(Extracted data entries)
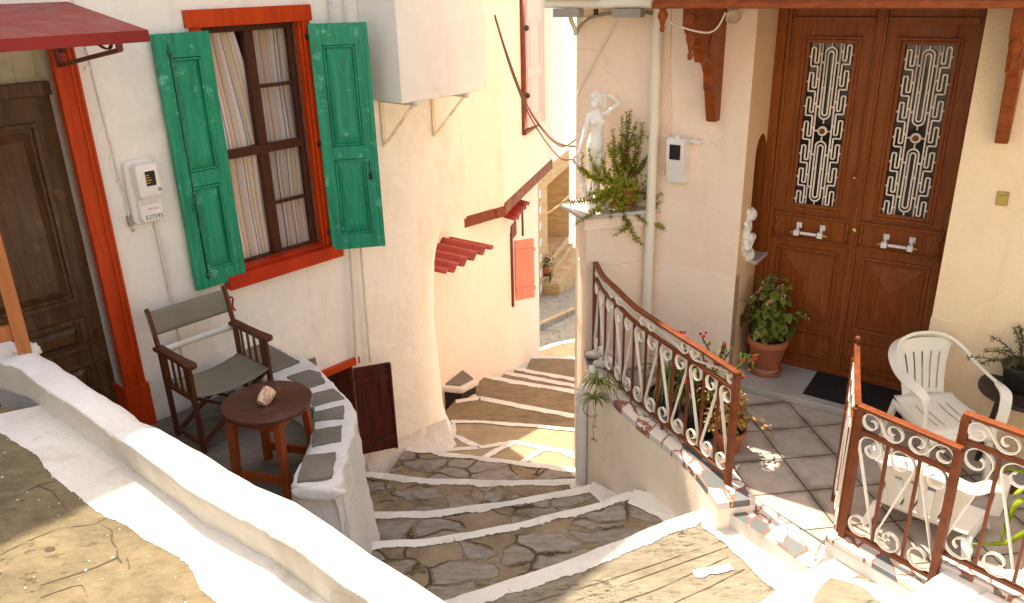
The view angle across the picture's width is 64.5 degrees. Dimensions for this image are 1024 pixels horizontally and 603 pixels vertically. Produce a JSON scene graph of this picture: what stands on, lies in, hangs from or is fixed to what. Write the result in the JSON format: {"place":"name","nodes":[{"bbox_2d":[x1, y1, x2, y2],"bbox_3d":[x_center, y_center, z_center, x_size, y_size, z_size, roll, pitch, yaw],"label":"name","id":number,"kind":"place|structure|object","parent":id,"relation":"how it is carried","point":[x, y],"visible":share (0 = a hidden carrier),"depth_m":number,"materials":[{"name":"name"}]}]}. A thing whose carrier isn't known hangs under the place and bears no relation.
{"place":"outdoors","nodes":[
{"label":"outdoors","id":0,"kind":"place"},
{"bbox_2d":[0,405,417,602],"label":"path","id":1,"kind":"structure","parent":0,"point":[45,557],"depth_m":2.69,"materials":[{"name":"paint"}]},
{"bbox_2d":[1,433,185,602],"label":"paint drips","id":2,"kind":"object","parent":1,"relation":"on","point":[58,515],"visible":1,"depth_m":2.88,"materials":[{"name":"paint"}]},
{"bbox_2d":[0,341,445,602],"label":"parapet wall","id":3,"kind":"structure","parent":1,"relation":"on","point":[327,567],"depth_m":2.71,"materials":[{"name":"white paint"}]},
{"bbox_2d":[0,232,31,354],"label":"wooden railing","id":4,"kind":"object","parent":3,"relation":"on","point":[15,330],"visible":1,"depth_m":3.62,"materials":[{"name":"orange wood"}]},
{"bbox_2d":[0,0,465,472],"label":"white house","id":5,"kind":"structure","parent":0,"point":[87,269],"depth_m":5.63,"materials":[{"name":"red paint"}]},
{"bbox_2d":[0,80,117,406],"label":"door","id":6,"kind":"structure","parent":5,"relation":"in","point":[40,231],"depth_m":4.97,"materials":[{"name":"brown wood"}]},
{"bbox_2d":[0,2,149,66],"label":"door awning","id":7,"kind":"object","parent":5,"relation":"attached to","point":[59,28],"depth_m":4.16,"materials":[{"name":"red metal"}]},
{"bbox_2d":[71,0,129,215],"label":"wall cable","id":8,"kind":"object","parent":5,"relation":"attached to","point":[113,154],"depth_m":4.97,"materials":[{"name":"white paint"}]},
{"bbox_2d":[121,158,163,231],"bbox_3d":[-2.349,-0.675,5.178,0.146,0.450,0.220,17,28,39],"label":"electricity meter","id":9,"kind":"object","parent":5,"relation":"attached to","point":[142,185],"visible":1,"depth_m":5.15,"materials":[{"name":"white paint"}]},
{"bbox_2d":[144,170,156,186],"bbox_3d":[-2.284,-0.778,5.122,0.005,0.094,0.064,17,28,39],"label":"window","id":10,"kind":"structure","parent":9,"relation":"in","point":[149,175],"depth_m":5.12,"materials":[{"name":"black glass"}]},
{"bbox_2d":[153,221,191,406],"bbox_3d":[-2.322,0.115,5.586,0.021,1.390,0.039,17,28,39],"label":"meter conduit","id":11,"kind":"object","parent":5,"relation":"attached to","point":[166,275],"visible":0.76,"depth_m":5.46,"materials":[{"name":"white plastic"}]},
{"bbox_2d":[209,32,254,149],"bbox_3d":[-1.985,-1.487,5.667,0.059,0.872,0.460,17,28,38],"label":"curtain","id":12,"kind":"object","parent":5,"relation":"hanging from","point":[232,90],"visible":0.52,"depth_m":5.70,"materials":[{"name":"fabric"}]},
{"bbox_2d":[229,154,269,258],"bbox_3d":[-1.977,-0.678,5.974,0.063,0.842,0.420,17,28,39],"label":"curtain","id":13,"kind":"object","parent":5,"relation":"hanging from","point":[246,184],"visible":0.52,"depth_m":6.01,"materials":[{"name":"fabric"}]},
{"bbox_2d":[181,4,343,290],"bbox_3d":[-1.772,-1.120,5.850,0.214,1.890,1.000,17,28,39],"label":"window","id":14,"kind":"structure","parent":5,"relation":"in","point":[280,261],"depth_m":5.95,"materials":[{"name":"red paint"}]},
{"bbox_2d":[252,28,296,141],"bbox_3d":[-1.754,-1.594,5.919,0.061,0.872,0.345,17,29,39],"label":"curtain","id":15,"kind":"object","parent":5,"relation":"hanging from","point":[272,66],"visible":0.7,"depth_m":5.94,"materials":[{"name":"fabric"}]},
{"bbox_2d":[269,147,308,247],"bbox_3d":[-1.734,-0.791,6.240,0.058,0.842,0.346,17,28,38],"label":"curtain","id":16,"kind":"object","parent":5,"relation":"hanging from","point":[287,182],"visible":0.64,"depth_m":6.25,"materials":[{"name":"fabric"}]},
{"bbox_2d":[328,0,357,365],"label":"wall pipe","id":17,"kind":"object","parent":5,"relation":"attached to","point":[350,250],"depth_m":6.69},
{"bbox_2d":[343,0,370,361],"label":"wall pipe","id":18,"kind":"object","parent":5,"relation":"attached to","point":[361,252],"depth_m":6.78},
{"bbox_2d":[353,362,397,453],"bbox_3d":[-1.188,0.942,7.090,0.322,0.845,0.048,-9,23,-18],"label":"hatch door","id":19,"kind":"structure","parent":5,"relation":"in","point":[373,384],"depth_m":7.08,"materials":[{"name":"brown wood"}]},
{"bbox_2d":[357,0,487,146],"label":"balcony","id":20,"kind":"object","parent":5,"relation":"attached to","point":[420,50],"depth_m":6.20,"materials":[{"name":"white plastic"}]},
{"bbox_2d":[151,357,316,500],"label":"patio","id":21,"kind":"structure","parent":0,"point":[251,452],"depth_m":5.38,"materials":[{"name":"stone"}]},
{"bbox_2d":[144,285,273,453],"bbox_3d":[-1.978,0.441,5.415,0.543,0.897,0.620,17,28,39],"label":"canvas chair","id":22,"kind":"object","parent":21,"relation":"on","point":[240,367],"visible":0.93,"depth_m":5.42,"materials":[{"name":"grey fabric"}]},
{"bbox_2d":[220,380,314,498],"bbox_3d":[-1.441,0.832,4.889,0.532,0.537,0.532,-1,22,0],"label":"round table","id":23,"kind":"object","parent":21,"relation":"on","point":[286,406],"visible":0.81,"depth_m":4.76,"materials":[{"name":"orange wood"}]},
{"bbox_2d":[257,386,275,405],"bbox_3d":[-1.441,0.552,4.748,0.086,0.110,0.121,9,24,24],"label":"seashell","id":24,"kind":"object","parent":23,"relation":"on","point":[266,395],"visible":1,"depth_m":4.72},
{"bbox_2d":[226,343,379,554],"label":"bench wall","id":25,"kind":"structure","parent":21,"relation":"on","point":[329,486],"depth_m":4.91,"materials":[{"name":"paint"}]},
{"bbox_2d":[307,406,314,442],"bbox_3d":[-1.256,0.822,5.076,0.042,0.403,0.121,-19,28,-37],"label":"teal board","id":26,"kind":"object","parent":21,"relation":"on","point":[313,412],"visible":0.24,"depth_m":4.99,"materials":[{"name":"paint"}]},
{"bbox_2d":[366,471,586,511],"bbox_3d":[-0.298,1.853,6.436,1.855,0.517,1.099,-1,22,0],"label":"stone step","id":27,"kind":"object","parent":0,"point":[392,492],"visible":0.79,"depth_m":6.57,"materials":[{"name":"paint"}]},
{"bbox_2d":[389,446,574,479],"bbox_3d":[-0.217,1.837,7.079,1.820,0.505,0.971,4,22,14],"label":"stone step","id":28,"kind":"object","parent":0,"point":[420,462],"visible":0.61,"depth_m":7.27,"materials":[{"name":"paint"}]},
{"bbox_2d":[374,482,616,540],"bbox_3d":[-0.087,1.859,5.748,1.952,0.527,0.926,-5,22,-9],"label":"stone step","id":29,"kind":"object","parent":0,"point":[397,525],"visible":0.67,"depth_m":5.86,"materials":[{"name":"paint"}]},
{"bbox_2d":[444,420,573,466],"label":"landing pavement","id":30,"kind":"structure","parent":0,"point":[538,443],"depth_m":8.03,"materials":[{"name":"stone"}]},
{"bbox_2d":[445,396,573,427],"bbox_3d":[0.091,1.550,9.043,1.996,0.605,0.904,1,22,6],"label":"alley step","id":31,"kind":"object","parent":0,"point":[479,408],"visible":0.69,"depth_m":9.02,"materials":[{"name":"stone"}]},
{"bbox_2d":[371,489,677,600],"bbox_3d":[0.238,1.847,5.081,2.210,0.537,1.200,-8,23,-17],"label":"stone step","id":32,"kind":"object","parent":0,"point":[446,567],"visible":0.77,"depth_m":5.15,"materials":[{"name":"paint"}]},
{"bbox_2d":[476,374,574,413],"bbox_3d":[0.203,1.553,9.703,1.970,0.605,1.540,5,23,17],"label":"alley step","id":33,"kind":"object","parent":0,"point":[532,394],"visible":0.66,"depth_m":9.96,"materials":[{"name":"stone"}]},
{"bbox_2d":[501,371,574,389],"bbox_3d":[0.353,1.453,10.482,1.821,0.605,0.839,8,24,22],"label":"alley step","id":34,"kind":"object","parent":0,"point":[527,378],"visible":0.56,"depth_m":10.71,"materials":[{"name":"paint"}]},
{"bbox_2d":[513,367,574,383],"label":"alley step","id":35,"kind":"object","parent":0,"point":[561,378],"visible":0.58,"depth_m":11.17,"materials":[{"name":"paint"}]},
{"bbox_2d":[542,252,553,274],"bbox_3d":[0.843,-1.030,21.251,0.545,0.680,0.579,-1,22,0],"label":"potted plant","id":36,"kind":"object","parent":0,"point":[546,267],"visible":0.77,"depth_m":21.29,"materials":[{"name":"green plant"}]},
{"bbox_2d":[526,356,574,377],"bbox_3d":[0.629,1.447,11.746,1.212,0.605,1.772,1,22,7],"label":"alley step","id":37,"kind":"object","parent":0,"point":[562,365],"visible":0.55,"depth_m":12.18,"materials":[{"name":"stone"}]},
{"bbox_2d":[539,287,574,330],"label":"pavement","id":38,"kind":"structure","parent":0,"point":[551,305],"depth_m":19.31,"materials":[{"name":"stone"}]},
{"bbox_2d":[539,314,574,347],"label":"street","id":39,"kind":"structure","parent":0,"point":[562,330],"depth_m":16.44,"materials":[{"name":"stone"}]},
{"bbox_2d":[434,0,552,410],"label":"pink house","id":40,"kind":"structure","parent":39,"relation":"on","point":[486,312],"depth_m":9.94,"materials":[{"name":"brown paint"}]},
{"bbox_2d":[442,370,478,409],"bbox_3d":[-0.691,1.163,9.866,0.604,0.631,0.731,-1,22,0],"label":"stone ledge","id":41,"kind":"object","parent":40,"relation":"attached to","point":[462,384],"visible":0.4,"depth_m":9.54,"materials":[{"name":"paint"}]},
{"bbox_2d":[434,237,493,273],"bbox_3d":[-0.676,-0.501,8.575,0.560,0.106,1.005,10,24,26],"label":"corrugated hood","id":42,"kind":"object","parent":40,"relation":"attached to","point":[452,254],"visible":0.71,"depth_m":8.60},
{"bbox_2d":[510,221,516,306],"bbox_3d":[-0.017,-0.501,10.866,0.130,1.115,0.300,4,22,13],"label":"window frame","id":43,"kind":"structure","parent":40,"relation":"in","point":[513,228],"depth_m":10.72,"materials":[{"name":"brown wood"}]},
{"bbox_2d":[503,200,529,235],"bbox_3d":[0.069,-1.032,10.574,0.161,0.465,0.814,4,22,13],"label":"corrugated hood","id":44,"kind":"object","parent":40,"relation":"attached to","point":[515,212],"visible":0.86,"depth_m":10.51,"materials":[{"name":"red metal"}]},
{"bbox_2d":[519,0,537,134],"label":"window frame","id":45,"kind":"structure","parent":40,"relation":"in","point":[524,131],"depth_m":10.00,"materials":[{"name":"brown wood"}]},
{"bbox_2d":[538,195,569,214],"bbox_3d":[0.453,-1.009,8.596,0.075,0.834,2.314,-3,22,-4],"label":"cable","id":46,"kind":"object","parent":40,"relation":"attached to","point":[565,199],"visible":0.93,"depth_m":8.61,"materials":[{"name":"beige"}]},
{"bbox_2d":[538,150,574,296],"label":"stone house","id":47,"kind":"structure","parent":39,"relation":"on","point":[553,225],"depth_m":22.48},
{"bbox_2d":[551,8,562,161],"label":"white house","id":48,"kind":"structure","parent":39,"relation":"on","point":[557,78],"depth_m":27.24,"materials":[{"name":"white paint"}]},
{"bbox_2d":[539,306,574,324],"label":"kerb","id":49,"kind":"structure","parent":39,"relation":"on","point":[556,315],"depth_m":17.75,"materials":[{"name":"stone"}]},
{"bbox_2d":[540,339,574,356],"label":"alley step","id":50,"kind":"object","parent":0,"point":[565,348],"visible":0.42,"depth_m":13.57,"materials":[{"name":"stone"}]},
{"bbox_2d":[444,507,798,602],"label":"stone step","id":51,"kind":"object","parent":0,"point":[695,557],"visible":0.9,"depth_m":4.49,"materials":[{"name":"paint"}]},
{"bbox_2d":[729,499,824,576],"bbox_3d":[1.520,1.445,4.736,0.243,0.300,0.699,-14,25,-29],"label":"threshold","id":52,"kind":"object","parent":51,"relation":"on","point":[794,549],"visible":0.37,"depth_m":4.62,"materials":[{"name":"stone"}]},
{"bbox_2d":[823,529,1023,602],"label":"railing wall","id":53,"kind":"structure","parent":51,"relation":"on","point":[875,566],"depth_m":4.05,"materials":[{"name":"paint"}]},
{"bbox_2d":[837,403,964,582],"bbox_3d":[1.876,0.989,3.975,0.042,0.884,0.516,-16,26,-32],"label":"iron railing","id":54,"kind":"object","parent":53,"relation":"on","point":[953,470],"visible":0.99,"depth_m":3.91,"materials":[{"name":"brown metal"}]},
{"bbox_2d":[943,410,1023,594],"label":"iron railing","id":55,"kind":"object","parent":53,"relation":"on","point":[964,429],"visible":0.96,"depth_m":3.60,"materials":[{"name":"metal"}]},
{"bbox_2d":[563,17,825,544],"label":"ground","id":56,"kind":"structure","parent":0,"point":[569,84],"depth_m":72.43,"materials":[{"name":"stone"}]},
{"bbox_2d":[574,8,1023,466],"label":"peach house","id":57,"kind":"structure","parent":0,"point":[863,164],"depth_m":5.75,"materials":[{"name":"beige paint"}]},
{"bbox_2d":[494,17,571,160],"bbox_3d":[0.288,-1.778,6.804,0.711,1.168,0.505,9,24,24],"label":"overhead cable","id":58,"kind":"object","parent":57,"relation":"attached to","point":[556,154],"visible":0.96,"depth_m":7.06,"materials":[{"name":"brown rubber"}]},
{"bbox_2d":[494,15,575,146],"bbox_3d":[0.287,-1.849,6.770,0.744,1.057,0.486,8,24,23],"label":"overhead cable","id":59,"kind":"object","parent":57,"relation":"attached to","point":[548,135],"visible":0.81,"depth_m":7.02,"materials":[{"name":"brown rubber"}]},
{"bbox_2d":[495,20,575,146],"bbox_3d":[0.308,-1.819,6.797,0.718,1.056,0.523,8,24,23],"label":"overhead cable","id":60,"kind":"object","parent":57,"relation":"attached to","point":[520,89],"visible":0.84,"depth_m":6.91,"materials":[{"name":"brown rubber"}]},
{"bbox_2d":[543,0,653,17],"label":"balcony","id":61,"kind":"object","parent":57,"relation":"attached to","point":[623,8],"visible":0.91,"depth_m":5.62,"materials":[{"name":"white concrete"}]},
{"bbox_2d":[568,17,577,35],"bbox_3d":[0.443,-2.006,5.878,0.082,0.154,0.031,13,26,32],"label":"drain hose","id":62,"kind":"object","parent":61,"relation":"attached to","point":[573,26],"visible":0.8,"depth_m":5.87,"materials":[{"name":"beige plastic"}]},
{"bbox_2d":[577,17,619,95],"bbox_3d":[0.645,-1.830,6.050,0.364,0.595,0.012,13,26,32],"label":"wall cable","id":63,"kind":"object","parent":57,"relation":"attached to","point":[598,55],"depth_m":6.04,"materials":[{"name":"beige plastic"}]},
{"bbox_2d":[560,198,660,387],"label":"plaster pier","id":64,"kind":"structure","parent":57,"relation":"attached to","point":[619,258],"depth_m":6.31,"materials":[{"name":"beige paint"}]},
{"bbox_2d":[571,91,620,209],"bbox_3d":[0.614,-1.096,6.101,0.383,0.939,0.178,-16,26,-33],"label":"statue","id":65,"kind":"object","parent":64,"relation":"on","point":[595,118],"visible":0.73,"depth_m":6.02,"materials":[{"name":"white stone"}]},
{"bbox_2d":[557,109,666,246],"bbox_3d":[0.734,-0.916,6.091,0.900,1.035,0.306,-7,22,-14],"label":"jade plant","id":66,"kind":"object","parent":64,"relation":"on","point":[620,191],"visible":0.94,"depth_m":6.06,"materials":[{"name":"green plant"}]},
{"bbox_2d":[577,11,652,33],"bbox_3d":[0.730,-2.018,5.886,0.620,0.169,0.024,13,26,32],"label":"wall cable","id":67,"kind":"object","parent":57,"relation":"attached to","point":[583,21],"depth_m":5.93,"materials":[{"name":"grey plastic"}]},
{"bbox_2d":[640,9,662,369],"bbox_3d":[1.021,-1.774,5.718,0.082,5.000,0.082,-1,22,0],"label":"downpipe","id":68,"kind":"object","parent":57,"relation":"attached to","point":[655,87],"visible":0.92,"depth_m":6.00,"materials":[{"name":"beige plastic"}]},
{"bbox_2d":[662,9,671,174],"bbox_3d":[1.120,-1.687,5.764,0.065,1.601,0.014,13,26,32],"label":"thin conduit","id":69,"kind":"object","parent":57,"relation":"attached to","point":[670,15],"visible":0.83,"depth_m":5.80,"materials":[{"name":"beige plastic"}]},
{"bbox_2d":[666,134,703,183],"bbox_3d":[1.250,-1.034,5.879,0.250,0.356,0.144,10,24,26],"label":"electricity meter","id":70,"kind":"object","parent":57,"relation":"attached to","point":[677,156],"visible":1,"depth_m":5.85,"materials":[{"name":"white paint"}]},
{"bbox_2d":[669,144,680,159],"bbox_3d":[1.170,-1.072,5.829,0.082,0.107,0.004,13,26,32],"label":"window","id":71,"kind":"structure","parent":70,"relation":"in","point":[674,152],"depth_m":5.83,"materials":[{"name":"black glass"}]},
{"bbox_2d":[742,207,756,260],"bbox_3d":[1.755,-0.490,6.045,0.111,0.432,0.311,11,25,28],"label":"statuette","id":72,"kind":"object","parent":57,"relation":"on","point":[748,240],"visible":0.83,"depth_m":5.98,"materials":[{"name":"white stone"}]},
{"bbox_2d":[767,8,878,368],"bbox_3d":[2.216,-0.912,5.911,0.606,3.000,0.116,13,26,32],"label":"door leaf","id":73,"kind":"structure","parent":57,"relation":"in","point":[831,50],"depth_m":5.90,"materials":[{"name":"brown wood"}]},
{"bbox_2d":[651,0,1023,143],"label":"porch canopy","id":74,"kind":"object","parent":57,"relation":"attached to","point":[707,54],"visible":0.99,"depth_m":4.64,"materials":[{"name":"brown wood"}]},
{"bbox_2d":[667,12,725,33],"bbox_3d":[1.115,-1.707,4.966,0.400,0.125,0.012,13,26,32],"label":"porch cable","id":75,"kind":"object","parent":74,"relation":"attached to","point":[689,29],"visible":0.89,"depth_m":4.96,"materials":[{"name":"white plastic"}]},
{"bbox_2d":[725,9,741,26],"bbox_3d":[1.477,-1.893,5.401,0.117,0.119,0.022,13,26,32],"label":"cable coil","id":76,"kind":"object","parent":74,"relation":"attached to","point":[728,15],"visible":0.95,"depth_m":5.40,"materials":[{"name":"beige plastic"}]},
{"bbox_2d":[839,8,986,383],"bbox_3d":[2.725,-0.796,5.589,0.606,3.000,0.116,13,26,32],"label":"door leaf","id":77,"kind":"structure","parent":57,"relation":"in","point":[930,58],"depth_m":5.58,"materials":[{"name":"brown wood"}]},
{"bbox_2d":[995,191,1009,205],"bbox_3d":[2.953,-0.619,4.885,0.064,0.087,0.013,13,26,32],"label":"bell switch","id":78,"kind":"object","parent":57,"relation":"attached to","point":[1002,198],"visible":1,"depth_m":4.88,"materials":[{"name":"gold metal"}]},
{"bbox_2d":[759,559,874,602],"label":"stone step","id":79,"kind":"object","parent":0,"point":[833,565],"visible":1,"depth_m":4.17,"materials":[{"name":"paint"}]},
{"bbox_2d":[770,568,901,602],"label":"step paint","id":80,"kind":"object","parent":79,"relation":"on","point":[806,588],"visible":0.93,"depth_m":4.06,"materials":[{"name":"white paint"}]},
{"bbox_2d":[813,576,880,602],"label":"step slab","id":81,"kind":"structure","parent":80,"relation":"on","point":[832,590],"depth_m":4.02,"materials":[{"name":"beige stone"}]},
{"bbox_2d":[625,366,1023,571],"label":"terrace floor","id":82,"kind":"structure","parent":0,"point":[787,470],"depth_m":5.17,"materials":[{"name":"tile"}]},
{"bbox_2d":[584,349,755,528],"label":"terrace wall","id":83,"kind":"structure","parent":82,"relation":"on","point":[634,447],"depth_m":5.55,"materials":[{"name":"paint"}]},
{"bbox_2d":[575,381,587,485],"bbox_3d":[0.594,1.115,6.524,0.105,1.058,0.229,16,28,37],"label":"drainpipe","id":84,"kind":"object","parent":83,"relation":"attached to","point":[581,450],"visible":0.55,"depth_m":6.43,"materials":[{"name":"white plastic"}]},
{"bbox_2d":[585,349,601,358],"bbox_3d":[0.642,0.408,6.287,0.151,0.064,0.114,-1,22,0],"label":"beach stone","id":85,"kind":"object","parent":83,"relation":"on","point":[593,354],"visible":0.89,"depth_m":6.25,"materials":[{"name":"grey stone"}]},
{"bbox_2d":[593,359,609,367],"bbox_3d":[0.683,0.471,6.176,0.139,0.059,0.103,-1,22,0],"label":"beach stone","id":86,"kind":"object","parent":83,"relation":"on","point":[599,363],"visible":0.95,"depth_m":6.14,"materials":[{"name":"grey stone"}]},
{"bbox_2d":[575,370,634,442],"bbox_3d":[0.668,0.789,5.925,0.418,0.525,0.350,9,24,25],"label":"hanging plant","id":87,"kind":"object","parent":83,"relation":"on","point":[597,380],"visible":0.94,"depth_m":5.86,"materials":[{"name":"green plant"}]},
{"bbox_2d":[592,262,740,484],"bbox_3d":[0.942,0.456,5.575,0.120,0.970,1.828,-10,23,-19],"label":"iron railing","id":88,"kind":"object","parent":83,"relation":"on","point":[733,386],"visible":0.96,"depth_m":5.36,"materials":[{"name":"brown metal"}]},
{"bbox_2d":[625,354,716,419],"bbox_3d":[1.120,0.635,5.832,0.678,0.440,0.702,-1,22,0],"label":"spider plant","id":89,"kind":"object","parent":82,"relation":"on","point":[652,394],"visible":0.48,"depth_m":5.75,"materials":[{"name":"green plant"}]},
{"bbox_2d":[665,330,759,439],"bbox_3d":[1.315,0.575,5.518,0.466,0.774,0.660,-5,22,-8],"label":"crown of thorns","id":90,"kind":"object","parent":82,"relation":"on","point":[690,416],"visible":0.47,"depth_m":5.53,"materials":[{"name":"green plant"}]},
{"bbox_2d":[696,386,776,453],"bbox_3d":[1.478,0.773,5.427,0.423,0.466,0.402,-7,23,-15],"label":"coleus","id":91,"kind":"object","parent":82,"relation":"on","point":[742,427],"visible":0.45,"depth_m":5.37,"materials":[{"name":"plant"}]},
{"bbox_2d":[831,336,861,530],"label":"iron gate","id":92,"kind":"structure","parent":82,"relation":"on","point":[853,400],"depth_m":4.49,"materials":[{"name":"metal"}]},
{"bbox_2d":[731,361,1004,449],"bbox_3d":[2.599,0.726,6.025,1.887,0.056,0.565,13,26,32],"label":"doorstep","id":93,"kind":"object","parent":82,"relation":"on","point":[789,383],"visible":0.09,"depth_m":6.17,"materials":[{"name":"grey stone"}]},
{"bbox_2d":[740,274,808,377],"bbox_3d":[1.986,0.160,6.291,0.583,0.828,0.526,-11,24,-23],"label":"begonia","id":94,"kind":"object","parent":93,"relation":"on","point":[769,334],"visible":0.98,"depth_m":6.18,"materials":[{"name":"plant"}]},
{"bbox_2d":[803,371,901,418],"bbox_3d":[2.566,0.687,6.036,0.701,0.008,0.440,14,26,33],"label":"doormat","id":95,"kind":"object","parent":93,"relation":"on","point":[827,386],"visible":0.53,"depth_m":6.06,"materials":[{"name":"black rubber"}]},
{"bbox_2d":[860,435,1012,561],"bbox_3d":[2.359,1.059,4.571,0.710,0.528,0.490,18,29,39],"label":"plastic chair","id":96,"kind":"object","parent":82,"relation":"on","point":[969,523],"visible":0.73,"depth_m":4.47,"materials":[{"name":"white plastic"}]},
{"bbox_2d":[879,331,1011,485],"bbox_3d":[2.659,0.673,5.087,0.581,0.848,0.599,-3,22,-5],"label":"plastic chair","id":97,"kind":"object","parent":82,"relation":"on","point":[915,403],"visible":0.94,"depth_m":5.11,"materials":[{"name":"white plastic"}]},
{"bbox_2d":[971,464,1023,546],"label":"strap leaf plant","id":98,"kind":"object","parent":82,"relation":"on","point":[1016,503],"visible":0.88,"depth_m":4.23,"materials":[{"name":"plant"}]},
{"bbox_2d":[974,374,1023,461],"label":"side table","id":99,"kind":"object","parent":82,"relation":"on","point":[987,387],"visible":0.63,"depth_m":5.06,"materials":[{"name":"metal"}]},
{"bbox_2d":[966,322,1023,394],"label":"potted shrub","id":100,"kind":"object","parent":99,"relation":"on","point":[1013,373],"visible":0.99,"depth_m":4.97,"materials":[{"name":"green plant"}]},
{"bbox_2d":[988,485,1023,494],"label":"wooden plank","id":101,"kind":"object","parent":82,"relation":"on","point":[1013,489],"visible":0.1,"depth_m":4.94,"materials":[{"name":"brown wood"}]},
{"bbox_2d":[896,568,1023,602],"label":"stone step","id":102,"kind":"object","parent":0,"point":[945,586],"visible":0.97,"depth_m":3.72,"materials":[{"name":"paint"}]}
]}

§ WORK TO BE COMPLETED:
Check each line of the records for the word "outdoors" and extract those that contain it.

§ WRITTEN RESPONSE:
{"place":"outdoors","nodes":[
{"label":"outdoors","id":0,"kind":"place"},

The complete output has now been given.